** Try it **
With the pictures left out, restate every entry word for word.

(Stored records)
----------------------------------------
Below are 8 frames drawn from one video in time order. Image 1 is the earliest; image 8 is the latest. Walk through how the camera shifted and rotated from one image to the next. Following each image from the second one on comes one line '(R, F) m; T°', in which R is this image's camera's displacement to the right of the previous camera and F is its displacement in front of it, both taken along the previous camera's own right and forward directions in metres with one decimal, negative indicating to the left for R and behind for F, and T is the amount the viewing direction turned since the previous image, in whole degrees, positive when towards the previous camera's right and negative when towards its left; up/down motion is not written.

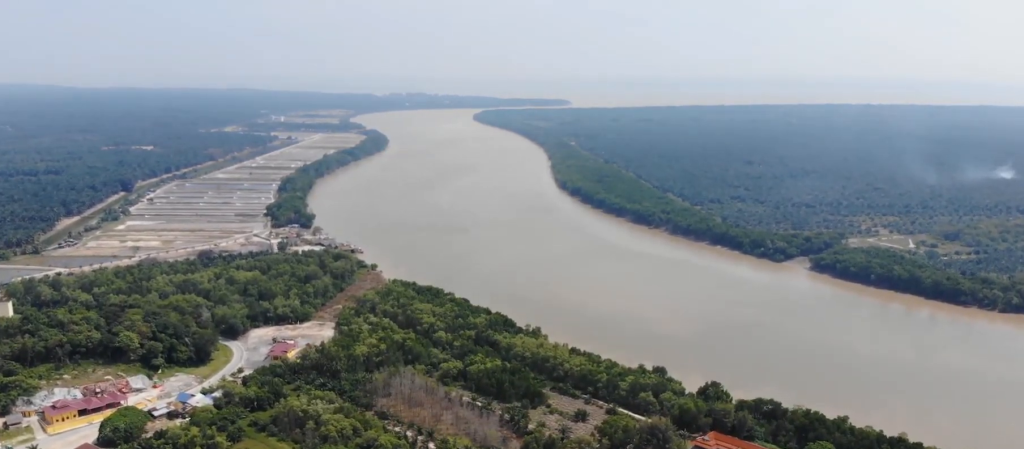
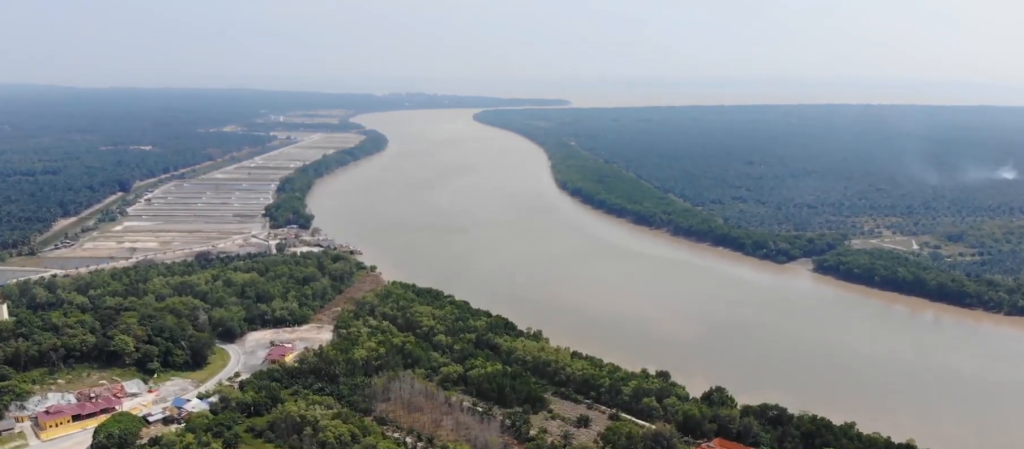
(0.0, +6.7) m; 0°
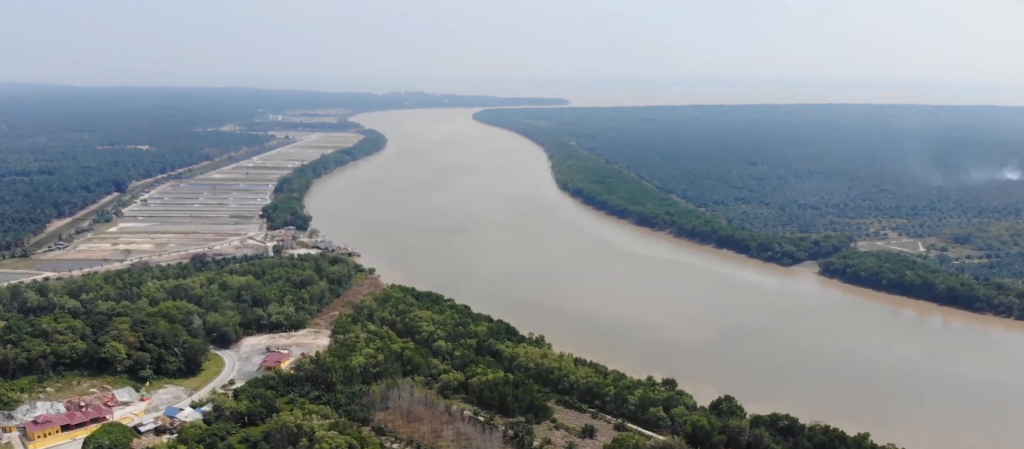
(-0.1, +12.2) m; 0°
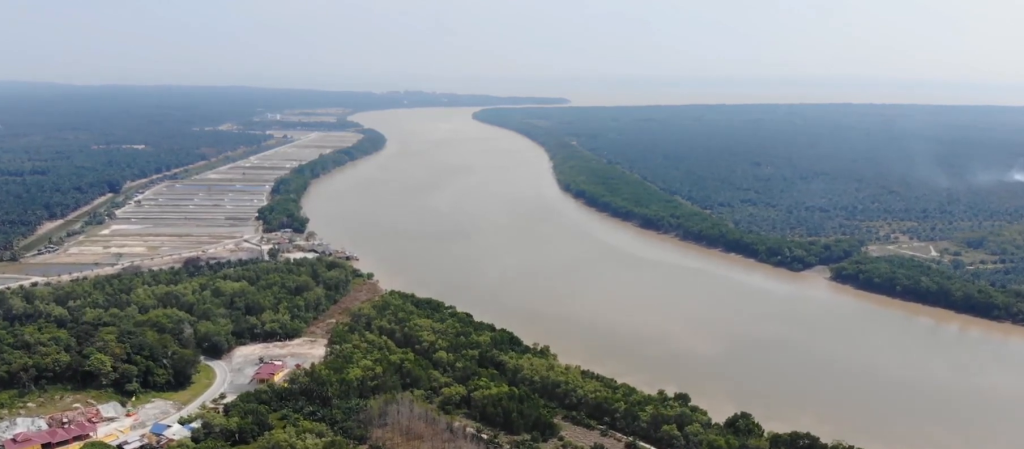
(+0.2, +20.8) m; +1°
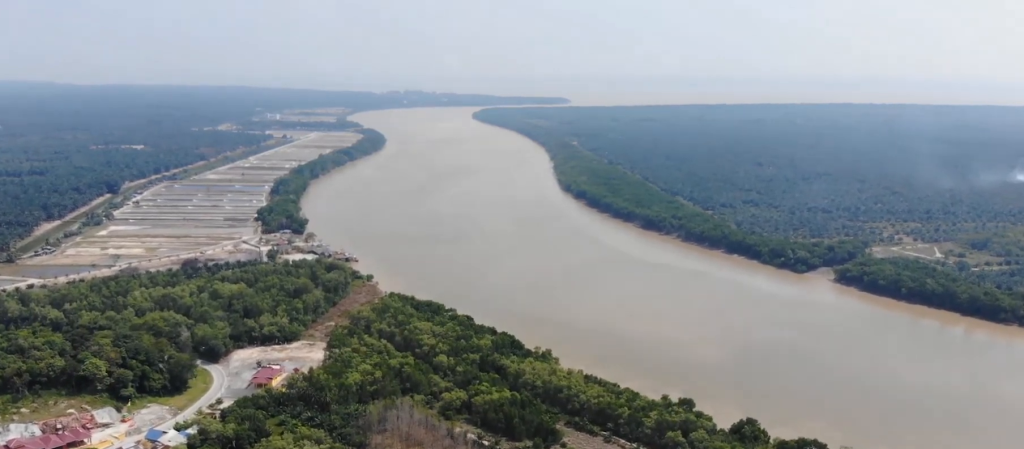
(0.0, +6.7) m; 0°
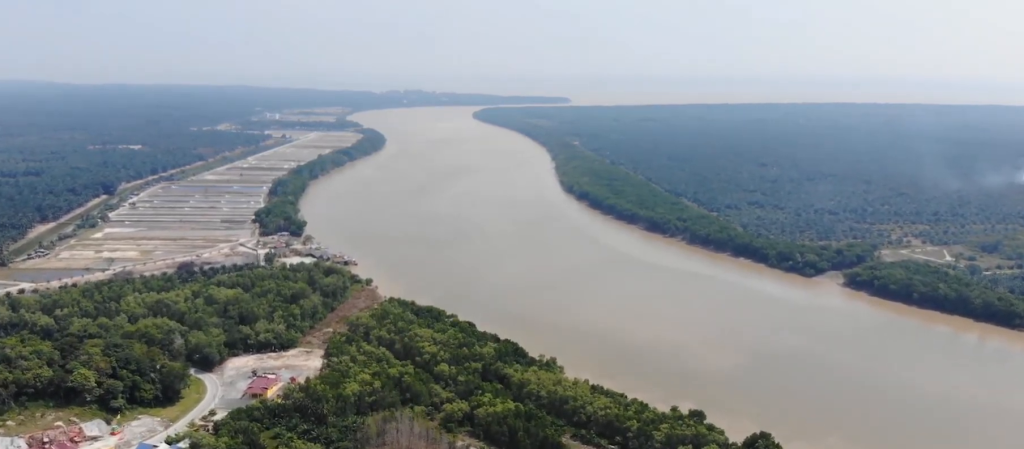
(+0.1, +14.3) m; +1°
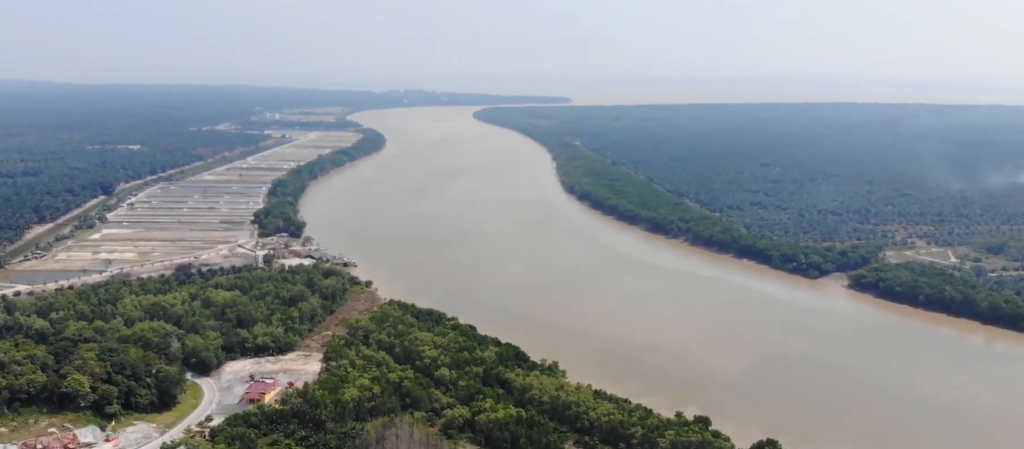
(0.0, +6.7) m; 0°
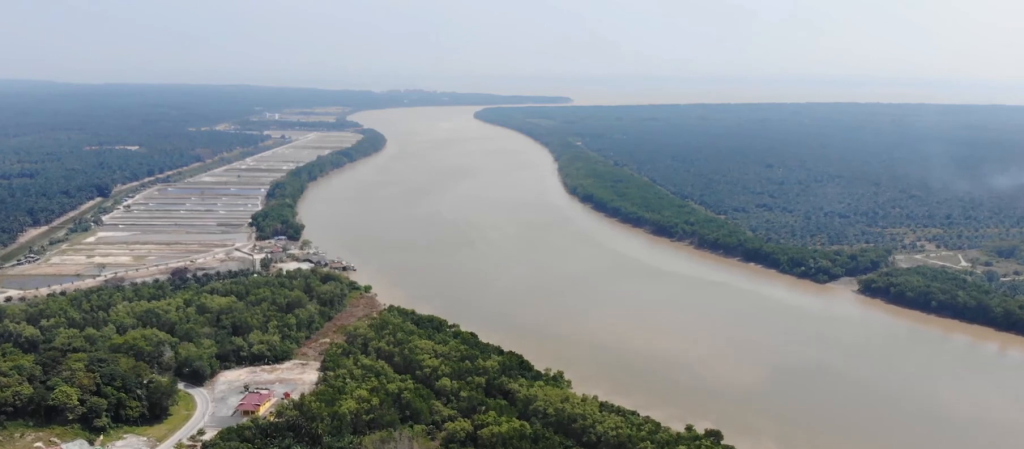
(+0.1, +13.6) m; 0°
----------------------------------------
** Answer for this exercise **
Below are 8 frames drawn from one video in time order. Image 1 is the earliest; image 8 is the latest. Walk through how the camera shifted and rotated from one image to the next. Following each image from the second one on comes one line '(R, F) m; T°', in which R is this image's camera's displacement to the right of the previous camera and F is its displacement in front of it, both taken along the previous camera's own right and forward directions in metres with one decimal, negative indicating to the left for R and behind for F, and T is the amount the viewing direction turned since the previous image, in whole degrees, positive when towards the previous camera's right and negative when towards its left; up/down motion is not written.

(0.0, +6.7) m; 0°
(-0.1, +12.2) m; 0°
(+0.2, +20.8) m; +1°
(0.0, +6.7) m; 0°
(+0.1, +14.3) m; +1°
(0.0, +6.7) m; 0°
(+0.1, +13.6) m; 0°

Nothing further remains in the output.